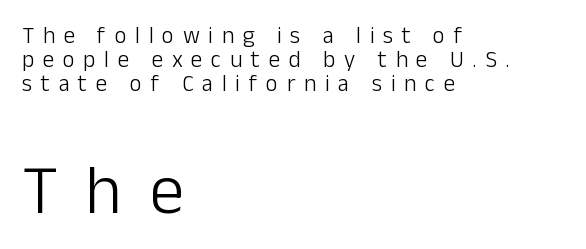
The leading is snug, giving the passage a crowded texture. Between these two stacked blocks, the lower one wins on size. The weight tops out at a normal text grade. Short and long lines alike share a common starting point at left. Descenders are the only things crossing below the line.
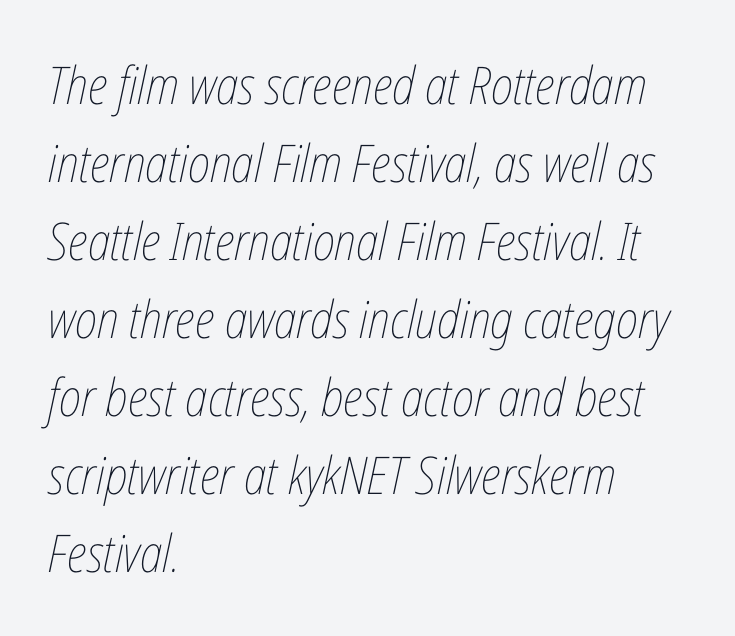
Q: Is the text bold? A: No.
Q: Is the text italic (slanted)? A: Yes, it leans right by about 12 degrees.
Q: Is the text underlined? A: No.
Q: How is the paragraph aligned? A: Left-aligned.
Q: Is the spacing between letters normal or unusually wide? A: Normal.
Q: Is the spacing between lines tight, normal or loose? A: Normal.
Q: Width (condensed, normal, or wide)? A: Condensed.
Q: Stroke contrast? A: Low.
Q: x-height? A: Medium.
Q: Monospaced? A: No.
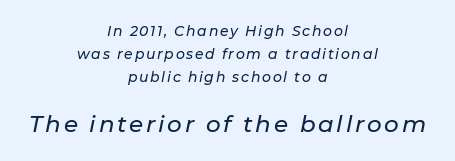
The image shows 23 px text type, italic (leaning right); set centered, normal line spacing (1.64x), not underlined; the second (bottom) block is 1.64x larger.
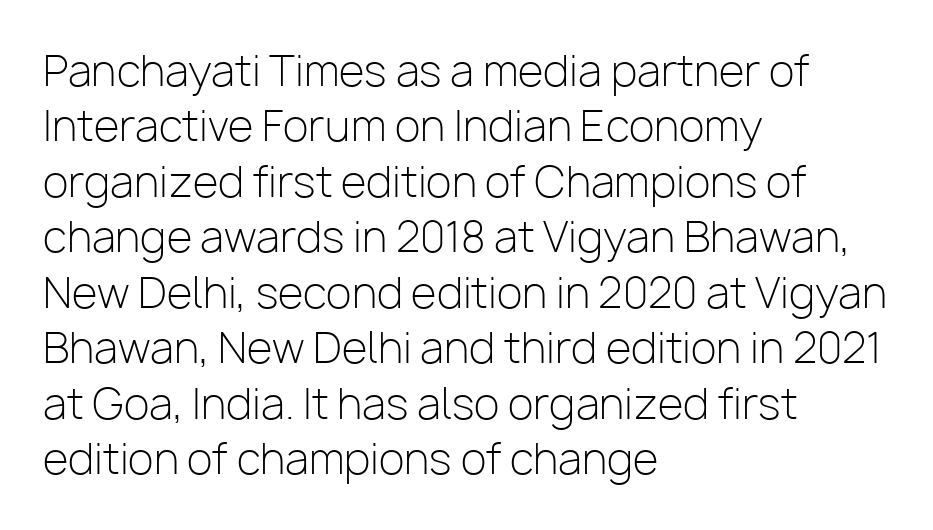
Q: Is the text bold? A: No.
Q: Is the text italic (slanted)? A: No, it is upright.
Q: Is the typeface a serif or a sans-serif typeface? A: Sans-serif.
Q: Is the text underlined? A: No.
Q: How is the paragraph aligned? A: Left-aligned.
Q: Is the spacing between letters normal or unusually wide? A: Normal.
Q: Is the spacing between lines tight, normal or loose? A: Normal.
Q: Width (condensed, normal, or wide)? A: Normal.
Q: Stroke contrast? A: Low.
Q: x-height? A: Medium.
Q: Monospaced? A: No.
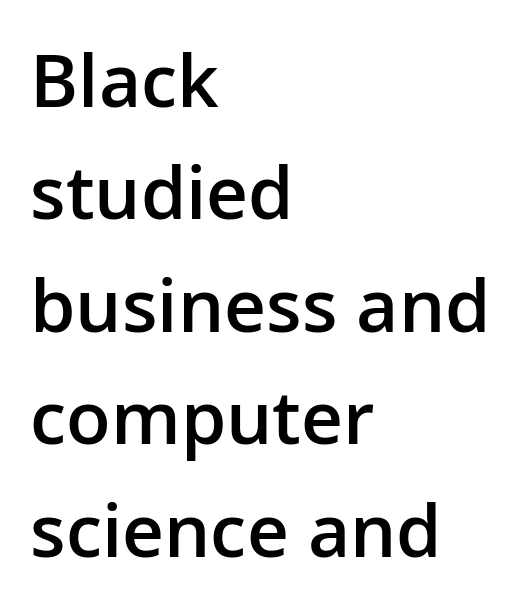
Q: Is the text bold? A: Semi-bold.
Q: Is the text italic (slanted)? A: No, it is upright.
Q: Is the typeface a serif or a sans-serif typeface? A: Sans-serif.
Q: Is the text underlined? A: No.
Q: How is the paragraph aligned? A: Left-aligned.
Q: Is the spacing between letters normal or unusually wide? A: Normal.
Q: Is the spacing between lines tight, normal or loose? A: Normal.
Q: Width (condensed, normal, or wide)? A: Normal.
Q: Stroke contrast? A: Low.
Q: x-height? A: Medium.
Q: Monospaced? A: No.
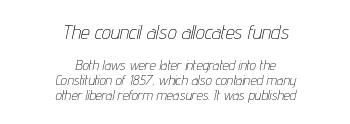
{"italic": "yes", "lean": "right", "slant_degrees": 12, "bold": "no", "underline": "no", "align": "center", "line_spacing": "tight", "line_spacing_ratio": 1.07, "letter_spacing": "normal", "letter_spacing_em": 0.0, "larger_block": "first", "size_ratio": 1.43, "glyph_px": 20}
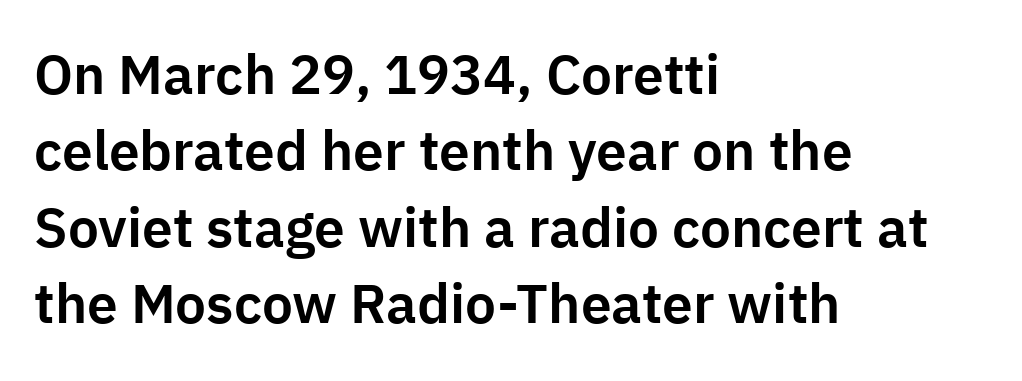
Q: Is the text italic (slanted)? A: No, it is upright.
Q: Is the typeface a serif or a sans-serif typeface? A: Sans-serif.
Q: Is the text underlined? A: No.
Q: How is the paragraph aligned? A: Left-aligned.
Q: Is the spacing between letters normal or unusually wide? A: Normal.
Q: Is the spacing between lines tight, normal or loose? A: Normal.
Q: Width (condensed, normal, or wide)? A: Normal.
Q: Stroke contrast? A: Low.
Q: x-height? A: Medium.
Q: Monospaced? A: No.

______________________________

## Required work
List the lines of the records where "bold" occurs.

## Written answer
Q: Is the text bold? A: No.
Q: Is the text bold? A: No.
Q: Is the text bold? A: Semi-bold.
{"italic": "yes", "lean": "right", "slant_degrees": 12, "bold": "no", "underline": "no", "align": "center", "line_spacing": "tight", "line_spacing_ratio": 1.07, "letter_spacing": "normal", "letter_spacing_em": 0.0, "larger_block": "first", "size_ratio": 1.43, "glyph_px": 20}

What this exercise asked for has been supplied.